NWFL Chief Operating Officer, Modupe Shabi, said the choice of Port Harcourt reflects the Rivers State Government’s continued support for women’s football and its successful hosting of the league’s Annual General Assembly last year.
The Super Six tournament will feature the top three teams from Group A and Group B of the regular season competing in a round-robin format, with each club playing five matches over nine days.
Qualified teams for the competition include defending champions Bayelsa Queens, Edo Queens, Rivers Angels, Robo Queens, Nasarawa Amazons, and debutants Abia Angels.
The NWFL Premiership has produced four different winners in the last five editions, with Rivers Angels winning in 2021, Bayelsa Queens claiming the title in 2022 and 2025, Delta Queens triumphing in 2023, and Edo Queens emerging champions in 2024.
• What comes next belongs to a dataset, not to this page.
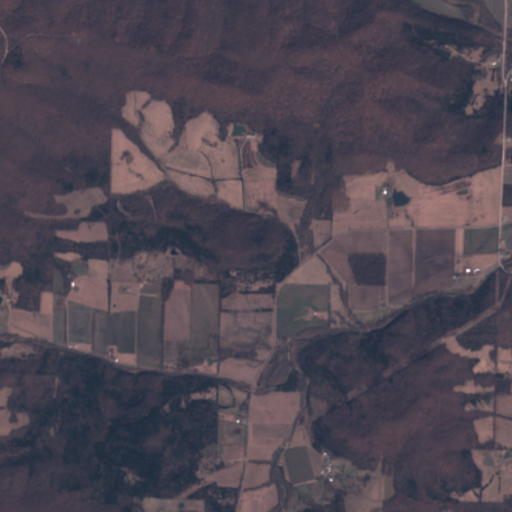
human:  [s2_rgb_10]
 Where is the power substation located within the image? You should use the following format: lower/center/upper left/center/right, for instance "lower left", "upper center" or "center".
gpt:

The league also urged participating clubs to comply with all competition regulations and directives ahead of the championship. The Super Six will determine Nigeria’s representative for the WAFU-B qualifiers for a place at the 2026 CAF Women’s Champions League and ultimately the 2027 FIFA Women’s Champions Cup.
Teams are expected to arrive on Friday, June 5, when the draw ceremony and pre-match meeting will also take place. Matchdays are scheduled for June 6, 8, 10, 12, and 14, with rest days in between before the tournament concludes with the trophy presentation ceremony.